Ojo con las descripciones que dicen «plata tibetana», «plata alemana», «alpaca» o «plata de ley 925 chapada»: ninguna de las tres primeras contiene plata en cantidad relevante y la cuarta es ambigua. Si el vendedor no puede darte la milésima, no es plata de ley.
Oro: quilates, milésimas y color
Los quilates miden la proporción de oro puro sobre 24 partes. Un 18 quilates es 750/1000; un 14 quilates, 585/1000; un 9 quilates, 375/1000. Cuanto más alta la ley, más intenso el amarillo y más blanda la pieza; cuanto más baja, más resistente al rayado pero más aleación y, por tanto, más posibilidad de que el metal cambie de tono o reaccione con pieles sensibles. En España lo habitual en joyería fina es el 18 quilates; el 9 quilates es común en el mercado británico y aparece cada vez más en tiendas online.
El color depende de la aleación: cobre para el oro rosa, paladio o plata para el oro blanco. El oro blanco casi siempre lleva un baño de rodio para conseguir ese blanco frío de escaparate. El rodio se gasta con el uso, y cuando se va, asoma el tono cálido de la aleación de debajo. No es un defecto de fabricación: es mantenimiento, y conviene saberlo antes de comprar, no después.

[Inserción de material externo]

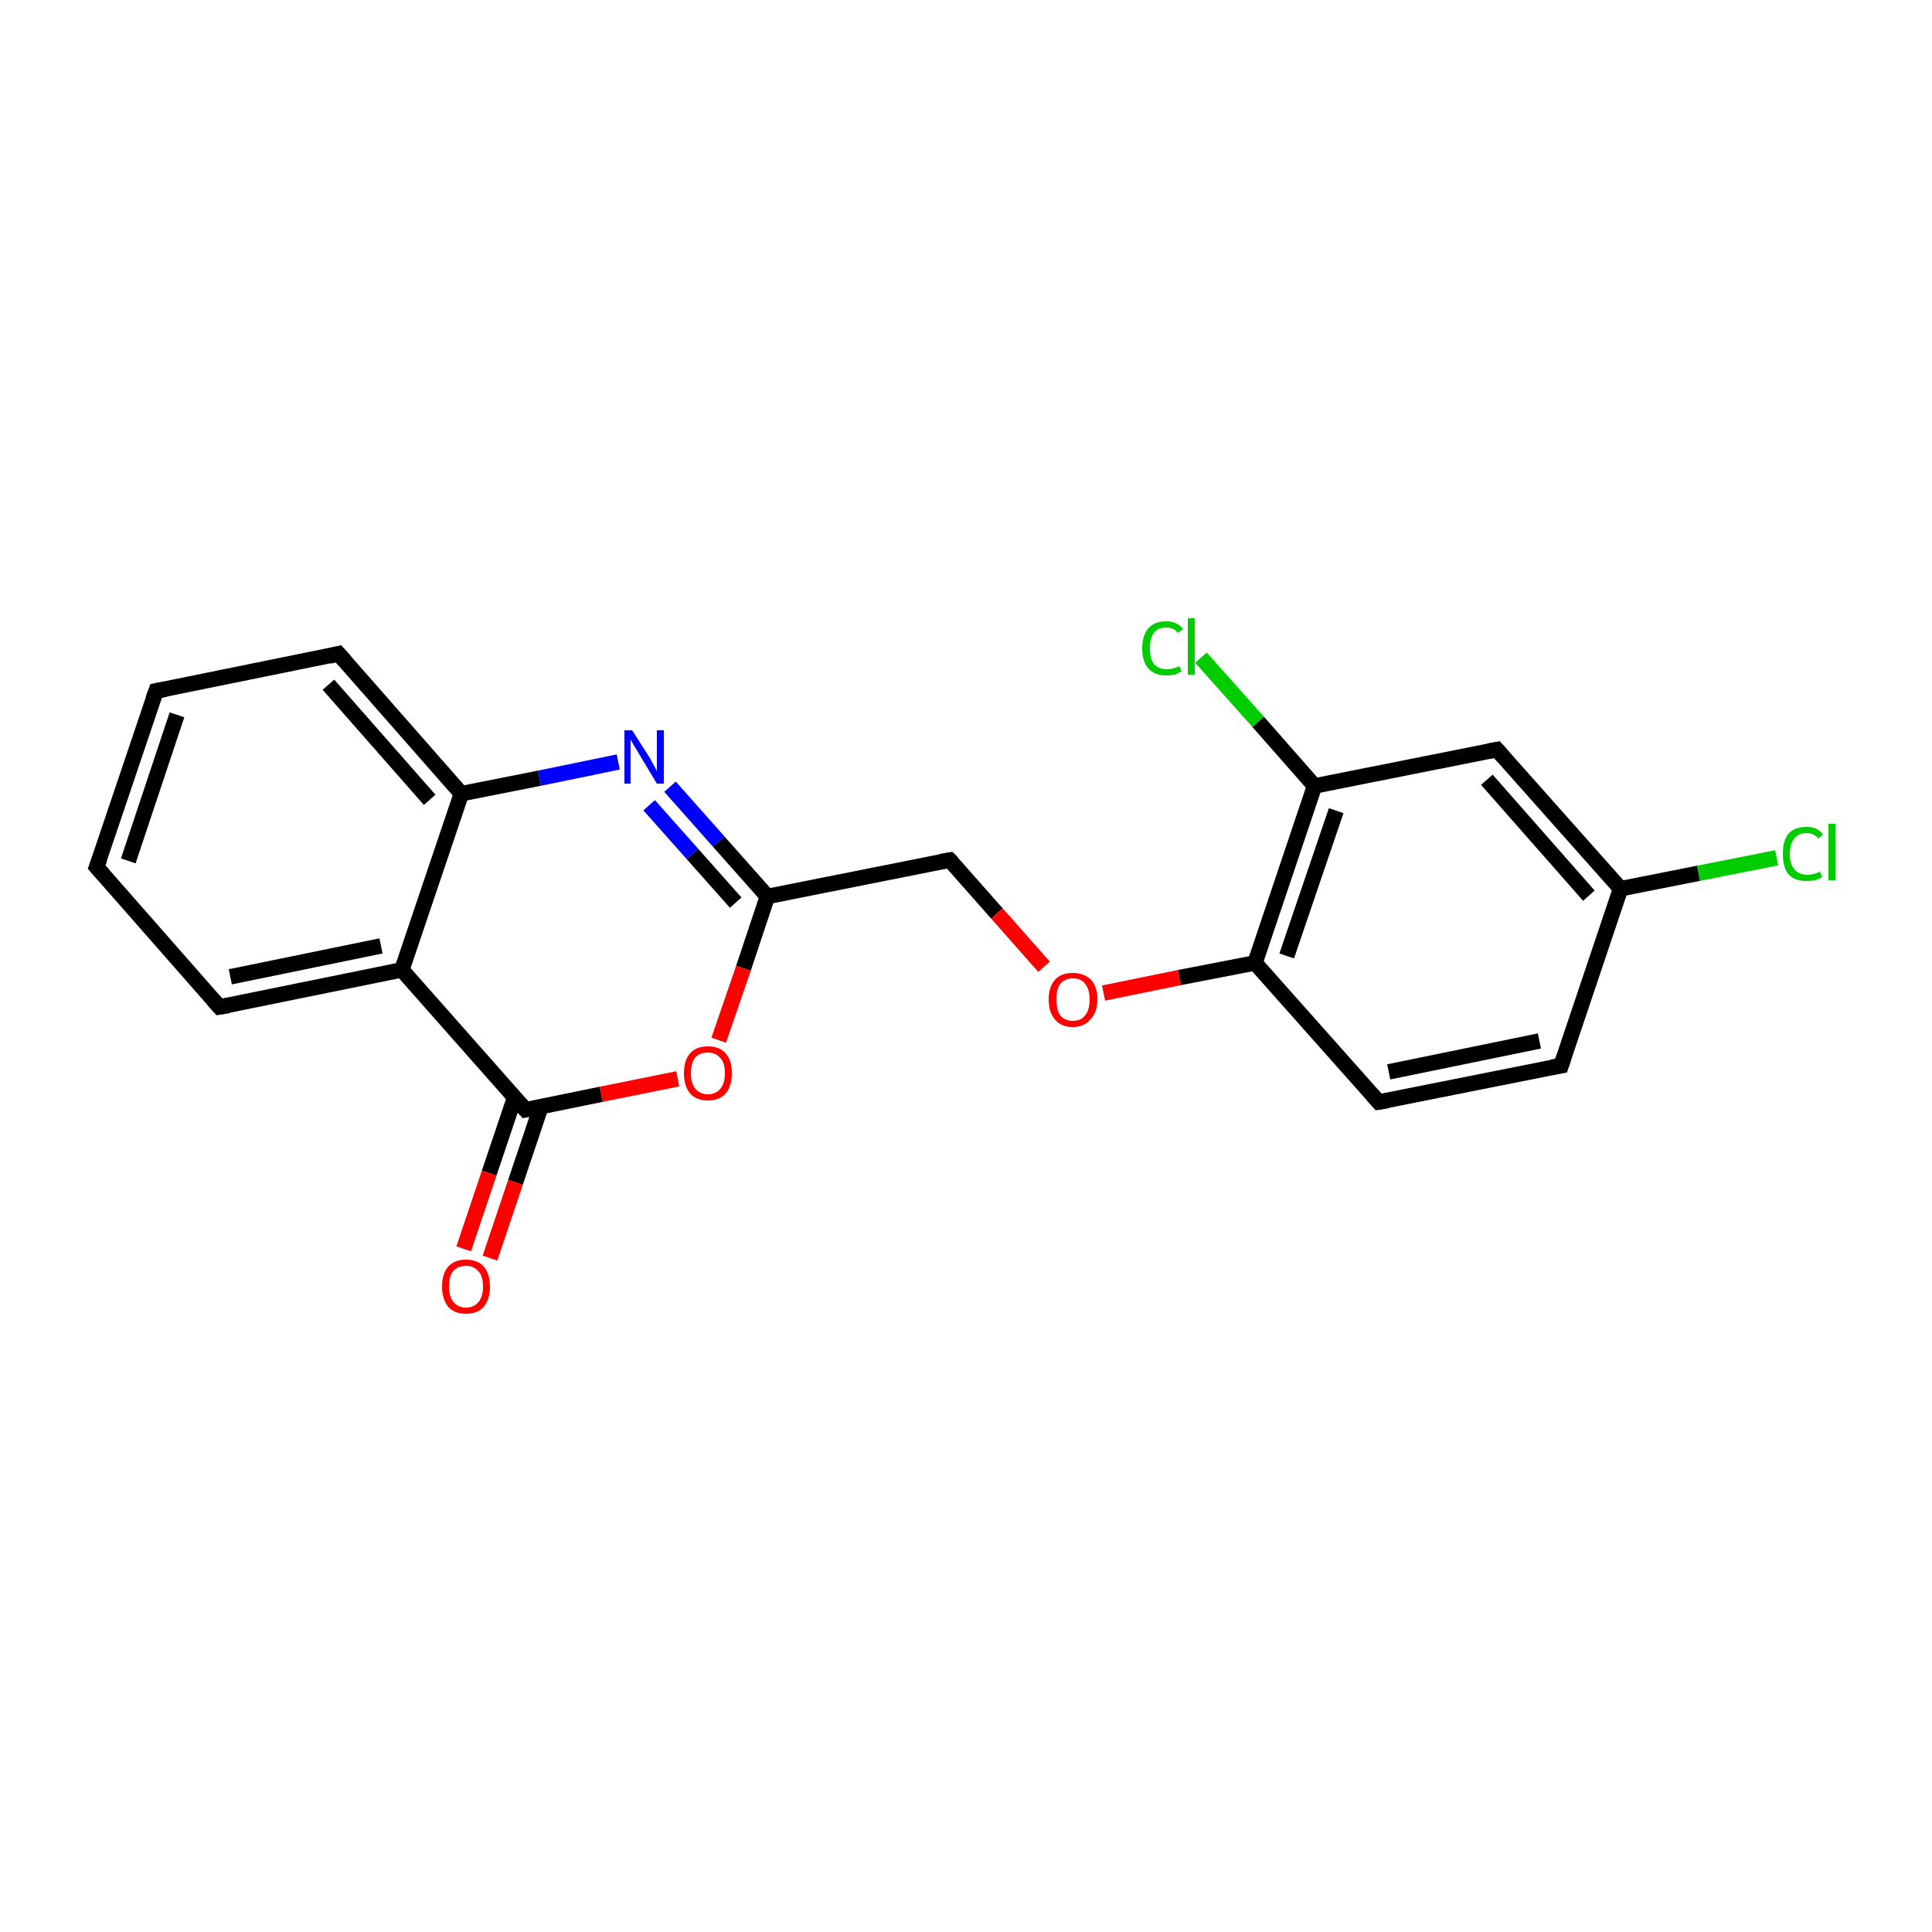 <?xml version='1.0' encoding='iso-8859-1'?>
<svg version='1.1' baseProfile='full'
              xmlns='http://www.w3.org/2000/svg'
                      xmlns:rdkit='http://www.rdkit.org/xml'
                      xmlns:xlink='http://www.w3.org/1999/xlink'
                  xml:space='preserve'
width='250px' height='250px' viewBox='0 0 250 250'>
<!-- END OF HEADER -->
<rect style='opacity:1.0;fill:#FFFFFF;stroke:none' width='250.0' height='250.0' x='0.0' y='0.0'> </rect>
<path class='bond-0 atom-0 atom-1' d='M 12.5,112.2 L 20.2,89.4' style='fill:none;fill-rule:evenodd;stroke:#000000;stroke-width:2.0px;stroke-linecap:butt;stroke-linejoin:miter;stroke-opacity:1' />
<path class='bond-0 atom-0 atom-1' d='M 16.6,111.4 L 22.9,92.5' style='fill:none;fill-rule:evenodd;stroke:#000000;stroke-width:2.0px;stroke-linecap:butt;stroke-linejoin:miter;stroke-opacity:1' />
<path class='bond-1 atom-0 atom-2' d='M 12.5,112.2 L 28.4,130.3' style='fill:none;fill-rule:evenodd;stroke:#000000;stroke-width:2.0px;stroke-linecap:butt;stroke-linejoin:miter;stroke-opacity:1' />
<path class='bond-2 atom-1 atom-3' d='M 20.2,89.4 L 43.8,84.6' style='fill:none;fill-rule:evenodd;stroke:#000000;stroke-width:2.0px;stroke-linecap:butt;stroke-linejoin:miter;stroke-opacity:1' />
<path class='bond-3 atom-2 atom-9' d='M 28.4,130.3 L 52.0,125.5' style='fill:none;fill-rule:evenodd;stroke:#000000;stroke-width:2.0px;stroke-linecap:butt;stroke-linejoin:miter;stroke-opacity:1' />
<path class='bond-3 atom-2 atom-9' d='M 29.8,126.4 L 49.3,122.4' style='fill:none;fill-rule:evenodd;stroke:#000000;stroke-width:2.0px;stroke-linecap:butt;stroke-linejoin:miter;stroke-opacity:1' />
<path class='bond-4 atom-3 atom-11' d='M 43.8,84.6 L 59.7,102.7' style='fill:none;fill-rule:evenodd;stroke:#000000;stroke-width:2.0px;stroke-linecap:butt;stroke-linejoin:miter;stroke-opacity:1' />
<path class='bond-4 atom-3 atom-11' d='M 42.5,88.6 L 55.6,103.5' style='fill:none;fill-rule:evenodd;stroke:#000000;stroke-width:2.0px;stroke-linecap:butt;stroke-linejoin:miter;stroke-opacity:1' />
<path class='bond-5 atom-4 atom-5' d='M 202.0,137.9 L 178.4,142.6' style='fill:none;fill-rule:evenodd;stroke:#000000;stroke-width:2.0px;stroke-linecap:butt;stroke-linejoin:miter;stroke-opacity:1' />
<path class='bond-5 atom-4 atom-5' d='M 199.2,134.7 L 179.7,138.7' style='fill:none;fill-rule:evenodd;stroke:#000000;stroke-width:2.0px;stroke-linecap:butt;stroke-linejoin:miter;stroke-opacity:1' />
<path class='bond-6 atom-4 atom-8' d='M 202.0,137.9 L 209.7,115.0' style='fill:none;fill-rule:evenodd;stroke:#000000;stroke-width:2.0px;stroke-linecap:butt;stroke-linejoin:miter;stroke-opacity:1' />
<path class='bond-7 atom-5 atom-12' d='M 178.4,142.6 L 162.4,124.6' style='fill:none;fill-rule:evenodd;stroke:#000000;stroke-width:2.0px;stroke-linecap:butt;stroke-linejoin:miter;stroke-opacity:1' />
<path class='bond-8 atom-6 atom-8' d='M 193.7,97.0 L 209.7,115.0' style='fill:none;fill-rule:evenodd;stroke:#000000;stroke-width:2.0px;stroke-linecap:butt;stroke-linejoin:miter;stroke-opacity:1' />
<path class='bond-8 atom-6 atom-8' d='M 192.4,100.9 L 205.6,115.9' style='fill:none;fill-rule:evenodd;stroke:#000000;stroke-width:2.0px;stroke-linecap:butt;stroke-linejoin:miter;stroke-opacity:1' />
<path class='bond-9 atom-6 atom-10' d='M 193.7,97.0 L 170.1,101.7' style='fill:none;fill-rule:evenodd;stroke:#000000;stroke-width:2.0px;stroke-linecap:butt;stroke-linejoin:miter;stroke-opacity:1' />
<path class='bond-10 atom-7 atom-13' d='M 122.9,111.3 L 99.3,116.0' style='fill:none;fill-rule:evenodd;stroke:#000000;stroke-width:2.0px;stroke-linecap:butt;stroke-linejoin:miter;stroke-opacity:1' />
<path class='bond-11 atom-7 atom-19' d='M 122.9,111.3 L 129.0,118.2' style='fill:none;fill-rule:evenodd;stroke:#000000;stroke-width:2.0px;stroke-linecap:butt;stroke-linejoin:miter;stroke-opacity:1' />
<path class='bond-11 atom-7 atom-19' d='M 129.0,118.2 L 135.1,125.1' style='fill:none;fill-rule:evenodd;stroke:#FF0000;stroke-width:2.0px;stroke-linecap:butt;stroke-linejoin:miter;stroke-opacity:1' />
<path class='bond-12 atom-8 atom-15' d='M 209.7,115.0 L 219.8,113.0' style='fill:none;fill-rule:evenodd;stroke:#000000;stroke-width:2.0px;stroke-linecap:butt;stroke-linejoin:miter;stroke-opacity:1' />
<path class='bond-12 atom-8 atom-15' d='M 219.8,113.0 L 229.9,111.0' style='fill:none;fill-rule:evenodd;stroke:#00CC00;stroke-width:2.0px;stroke-linecap:butt;stroke-linejoin:miter;stroke-opacity:1' />
<path class='bond-13 atom-9 atom-11' d='M 52.0,125.5 L 59.7,102.7' style='fill:none;fill-rule:evenodd;stroke:#000000;stroke-width:2.0px;stroke-linecap:butt;stroke-linejoin:miter;stroke-opacity:1' />
<path class='bond-14 atom-9 atom-14' d='M 52.0,125.5 L 68.0,143.6' style='fill:none;fill-rule:evenodd;stroke:#000000;stroke-width:2.0px;stroke-linecap:butt;stroke-linejoin:miter;stroke-opacity:1' />
<path class='bond-15 atom-10 atom-12' d='M 170.1,101.7 L 162.4,124.6' style='fill:none;fill-rule:evenodd;stroke:#000000;stroke-width:2.0px;stroke-linecap:butt;stroke-linejoin:miter;stroke-opacity:1' />
<path class='bond-15 atom-10 atom-12' d='M 172.9,104.9 L 166.5,123.7' style='fill:none;fill-rule:evenodd;stroke:#000000;stroke-width:2.0px;stroke-linecap:butt;stroke-linejoin:miter;stroke-opacity:1' />
<path class='bond-16 atom-10 atom-16' d='M 170.1,101.7 L 162.8,93.4' style='fill:none;fill-rule:evenodd;stroke:#000000;stroke-width:2.0px;stroke-linecap:butt;stroke-linejoin:miter;stroke-opacity:1' />
<path class='bond-16 atom-10 atom-16' d='M 162.8,93.4 L 155.4,85.1' style='fill:none;fill-rule:evenodd;stroke:#00CC00;stroke-width:2.0px;stroke-linecap:butt;stroke-linejoin:miter;stroke-opacity:1' />
<path class='bond-17 atom-11 atom-17' d='M 59.7,102.7 L 69.8,100.7' style='fill:none;fill-rule:evenodd;stroke:#000000;stroke-width:2.0px;stroke-linecap:butt;stroke-linejoin:miter;stroke-opacity:1' />
<path class='bond-17 atom-11 atom-17' d='M 69.8,100.7 L 80.0,98.6' style='fill:none;fill-rule:evenodd;stroke:#0000FF;stroke-width:2.0px;stroke-linecap:butt;stroke-linejoin:miter;stroke-opacity:1' />
<path class='bond-18 atom-12 atom-19' d='M 162.4,124.6 L 152.6,126.5' style='fill:none;fill-rule:evenodd;stroke:#000000;stroke-width:2.0px;stroke-linecap:butt;stroke-linejoin:miter;stroke-opacity:1' />
<path class='bond-18 atom-12 atom-19' d='M 152.6,126.5 L 142.8,128.5' style='fill:none;fill-rule:evenodd;stroke:#FF0000;stroke-width:2.0px;stroke-linecap:butt;stroke-linejoin:miter;stroke-opacity:1' />
<path class='bond-19 atom-13 atom-17' d='M 99.3,116.0 L 93.0,108.9' style='fill:none;fill-rule:evenodd;stroke:#000000;stroke-width:2.0px;stroke-linecap:butt;stroke-linejoin:miter;stroke-opacity:1' />
<path class='bond-19 atom-13 atom-17' d='M 93.0,108.9 L 86.7,101.8' style='fill:none;fill-rule:evenodd;stroke:#0000FF;stroke-width:2.0px;stroke-linecap:butt;stroke-linejoin:miter;stroke-opacity:1' />
<path class='bond-19 atom-13 atom-17' d='M 95.2,116.8 L 89.6,110.5' style='fill:none;fill-rule:evenodd;stroke:#000000;stroke-width:2.0px;stroke-linecap:butt;stroke-linejoin:miter;stroke-opacity:1' />
<path class='bond-19 atom-13 atom-17' d='M 89.6,110.5 L 84.0,104.2' style='fill:none;fill-rule:evenodd;stroke:#0000FF;stroke-width:2.0px;stroke-linecap:butt;stroke-linejoin:miter;stroke-opacity:1' />
<path class='bond-20 atom-13 atom-20' d='M 99.3,116.0 L 96.2,125.3' style='fill:none;fill-rule:evenodd;stroke:#000000;stroke-width:2.0px;stroke-linecap:butt;stroke-linejoin:miter;stroke-opacity:1' />
<path class='bond-20 atom-13 atom-20' d='M 96.2,125.3 L 93.0,134.6' style='fill:none;fill-rule:evenodd;stroke:#FF0000;stroke-width:2.0px;stroke-linecap:butt;stroke-linejoin:miter;stroke-opacity:1' />
<path class='bond-21 atom-14 atom-18' d='M 66.6,142.0 L 63.3,151.8' style='fill:none;fill-rule:evenodd;stroke:#000000;stroke-width:2.0px;stroke-linecap:butt;stroke-linejoin:miter;stroke-opacity:1' />
<path class='bond-21 atom-14 atom-18' d='M 63.3,151.8 L 60.0,161.6' style='fill:none;fill-rule:evenodd;stroke:#FF0000;stroke-width:2.0px;stroke-linecap:butt;stroke-linejoin:miter;stroke-opacity:1' />
<path class='bond-21 atom-14 atom-18' d='M 70.0,143.2 L 66.7,153.0' style='fill:none;fill-rule:evenodd;stroke:#000000;stroke-width:2.0px;stroke-linecap:butt;stroke-linejoin:miter;stroke-opacity:1' />
<path class='bond-21 atom-14 atom-18' d='M 66.7,153.0 L 63.4,162.8' style='fill:none;fill-rule:evenodd;stroke:#FF0000;stroke-width:2.0px;stroke-linecap:butt;stroke-linejoin:miter;stroke-opacity:1' />
<path class='bond-22 atom-14 atom-20' d='M 68.0,143.6 L 77.8,141.6' style='fill:none;fill-rule:evenodd;stroke:#000000;stroke-width:2.0px;stroke-linecap:butt;stroke-linejoin:miter;stroke-opacity:1' />
<path class='bond-22 atom-14 atom-20' d='M 77.8,141.6 L 87.7,139.6' style='fill:none;fill-rule:evenodd;stroke:#FF0000;stroke-width:2.0px;stroke-linecap:butt;stroke-linejoin:miter;stroke-opacity:1' />
<path d='M 12.9,111.1 L 12.5,112.2 L 13.3,113.1' style='fill:none;stroke:#000000;stroke-width:2.0px;stroke-linecap:butt;stroke-linejoin:miter;stroke-opacity:1;' />
<path d='M 19.8,90.5 L 20.2,89.4 L 21.4,89.2' style='fill:none;stroke:#000000;stroke-width:2.0px;stroke-linecap:butt;stroke-linejoin:miter;stroke-opacity:1;' />
<path d='M 27.6,129.4 L 28.4,130.3 L 29.6,130.1' style='fill:none;stroke:#000000;stroke-width:2.0px;stroke-linecap:butt;stroke-linejoin:miter;stroke-opacity:1;' />
<path d='M 42.6,84.9 L 43.8,84.6 L 44.6,85.5' style='fill:none;stroke:#000000;stroke-width:2.0px;stroke-linecap:butt;stroke-linejoin:miter;stroke-opacity:1;' />
<path d='M 200.8,138.1 L 202.0,137.9 L 202.4,136.7' style='fill:none;stroke:#000000;stroke-width:2.0px;stroke-linecap:butt;stroke-linejoin:miter;stroke-opacity:1;' />
<path d='M 179.6,142.4 L 178.4,142.6 L 177.6,141.7' style='fill:none;stroke:#000000;stroke-width:2.0px;stroke-linecap:butt;stroke-linejoin:miter;stroke-opacity:1;' />
<path d='M 194.5,97.9 L 193.7,97.0 L 192.6,97.2' style='fill:none;stroke:#000000;stroke-width:2.0px;stroke-linecap:butt;stroke-linejoin:miter;stroke-opacity:1;' />
<path d='M 121.7,111.5 L 122.9,111.3 L 123.2,111.6' style='fill:none;stroke:#000000;stroke-width:2.0px;stroke-linecap:butt;stroke-linejoin:miter;stroke-opacity:1;' />
<path d='M 67.2,142.7 L 68.0,143.6 L 68.5,143.5' style='fill:none;stroke:#000000;stroke-width:2.0px;stroke-linecap:butt;stroke-linejoin:miter;stroke-opacity:1;' />
<path class='atom-15' d='M 230.7 110.5
Q 230.7 108.8, 231.4 107.9
Q 232.2 107.0, 233.8 107.0
Q 235.2 107.0, 235.9 108.0
L 235.3 108.5
Q 234.7 107.8, 233.8 107.8
Q 232.7 107.8, 232.2 108.5
Q 231.6 109.2, 231.6 110.5
Q 231.6 111.8, 232.2 112.5
Q 232.8 113.2, 233.9 113.2
Q 234.6 113.2, 235.5 112.8
L 235.8 113.5
Q 235.4 113.7, 234.9 113.9
Q 234.3 114.0, 233.7 114.0
Q 232.2 114.0, 231.4 113.1
Q 230.7 112.2, 230.7 110.5
' fill='#00CC00'/>
<path class='atom-15' d='M 236.6 106.6
L 237.5 106.6
L 237.5 113.9
L 236.6 113.9
L 236.6 106.6
' fill='#00CC00'/>
<path class='atom-16' d='M 147.8 83.9
Q 147.8 82.2, 148.6 81.3
Q 149.4 80.4, 150.9 80.4
Q 152.3 80.4, 153.1 81.4
L 152.4 81.9
Q 151.9 81.2, 150.9 81.2
Q 149.9 81.2, 149.3 81.9
Q 148.8 82.6, 148.8 83.9
Q 148.8 85.2, 149.3 85.9
Q 149.9 86.6, 151.0 86.6
Q 151.8 86.6, 152.6 86.2
L 152.9 86.9
Q 152.5 87.1, 152.0 87.3
Q 151.5 87.4, 150.9 87.4
Q 149.4 87.4, 148.6 86.5
Q 147.8 85.6, 147.8 83.9
' fill='#00CC00'/>
<path class='atom-16' d='M 153.7 80.0
L 154.6 80.0
L 154.6 87.3
L 153.7 87.3
L 153.7 80.0
' fill='#00CC00'/>
<path class='atom-17' d='M 81.8 94.5
L 84.1 98.1
Q 84.3 98.5, 84.7 99.2
Q 85.0 99.8, 85.0 99.8
L 85.0 94.5
L 85.9 94.5
L 85.9 101.4
L 85.0 101.4
L 82.6 97.4
Q 82.3 96.9, 82.0 96.4
Q 81.7 95.9, 81.6 95.7
L 81.6 101.4
L 80.8 101.4
L 80.8 94.5
L 81.8 94.5
' fill='#0000FF'/>
<path class='atom-18' d='M 57.2 166.5
Q 57.2 164.8, 58.0 163.9
Q 58.8 163.0, 60.3 163.0
Q 61.8 163.0, 62.6 163.9
Q 63.4 164.8, 63.4 166.5
Q 63.4 168.1, 62.6 169.1
Q 61.8 170.0, 60.3 170.0
Q 58.8 170.0, 58.0 169.1
Q 57.2 168.1, 57.2 166.5
M 60.3 169.2
Q 61.3 169.2, 61.9 168.5
Q 62.5 167.8, 62.5 166.5
Q 62.5 165.1, 61.9 164.5
Q 61.3 163.8, 60.3 163.8
Q 59.3 163.8, 58.7 164.4
Q 58.1 165.1, 58.1 166.5
Q 58.1 167.8, 58.7 168.5
Q 59.3 169.2, 60.3 169.2
' fill='#FF0000'/>
<path class='atom-19' d='M 135.7 129.3
Q 135.7 127.7, 136.5 126.8
Q 137.3 125.9, 138.8 125.9
Q 140.3 125.9, 141.2 126.8
Q 142.0 127.7, 142.0 129.3
Q 142.0 131.0, 141.1 131.9
Q 140.3 132.9, 138.8 132.9
Q 137.3 132.9, 136.5 131.9
Q 135.7 131.0, 135.7 129.3
M 138.8 132.1
Q 139.9 132.1, 140.4 131.4
Q 141.0 130.7, 141.0 129.3
Q 141.0 128.0, 140.4 127.3
Q 139.9 126.6, 138.8 126.6
Q 137.8 126.6, 137.2 127.3
Q 136.7 128.0, 136.7 129.3
Q 136.7 130.7, 137.2 131.4
Q 137.8 132.1, 138.8 132.1
' fill='#FF0000'/>
<path class='atom-20' d='M 88.5 138.9
Q 88.5 137.2, 89.3 136.3
Q 90.1 135.4, 91.6 135.4
Q 93.1 135.4, 93.9 136.3
Q 94.7 137.2, 94.7 138.9
Q 94.7 140.5, 93.9 141.5
Q 93.1 142.4, 91.6 142.4
Q 90.1 142.4, 89.3 141.5
Q 88.5 140.5, 88.5 138.9
M 91.6 141.6
Q 92.6 141.6, 93.2 140.9
Q 93.8 140.2, 93.8 138.9
Q 93.8 137.5, 93.2 136.9
Q 92.6 136.2, 91.6 136.2
Q 90.6 136.2, 90.0 136.8
Q 89.4 137.5, 89.4 138.9
Q 89.4 140.2, 90.0 140.9
Q 90.6 141.6, 91.6 141.6
' fill='#FF0000'/>
</svg>

Baño, laminado y acero: qué compras en cada caso
El baño de oro (o chapado electrolítico) es una capa depositada por electrólisis sobre un metal base. Lo que determina su duración son las micras: por debajo de 0,5 micras el desgaste se nota en semanas de uso diario; a partir de 2-3 micras sobre una base de plata la pieza aguanta razonablemente. Si la ficha no dice las micras, asume el peor caso.
El oro laminado (el llamado gold filled en el mercado anglosajón) no es un baño: es una lámina de oro unida mecánicamente al metal base por calor y presión, con un espesor muy superior. Dura años donde un baño dura meses. Es una opción interesante cuando el presupuesto no llega al oro macizo pero se busca uso diario.
El término vermeil designa habitualmente plata de ley con recubrimiento de oro, y en algunos mercados exige un espesor mínimo de baño. En la Unión Europea no hay una definición legal armonizada, así que trátalo como una indicación comercial y pide el dato concreto: base 925 y micras de oro.
El acero inoxidable tipo 316L es el material más agradecido para uso diario: no se oxida, no pierde brillo y aguanta agua, sudor y crema sin inmutarse. Contiene níquel en su composición, pero la capa pasiva que forma el cromo mantiene la cesión por debajo de los límites legales en piezas bien fabricadas. Si tu piel reacciona a todo, el titanio de grado médico es el escalón siguiente.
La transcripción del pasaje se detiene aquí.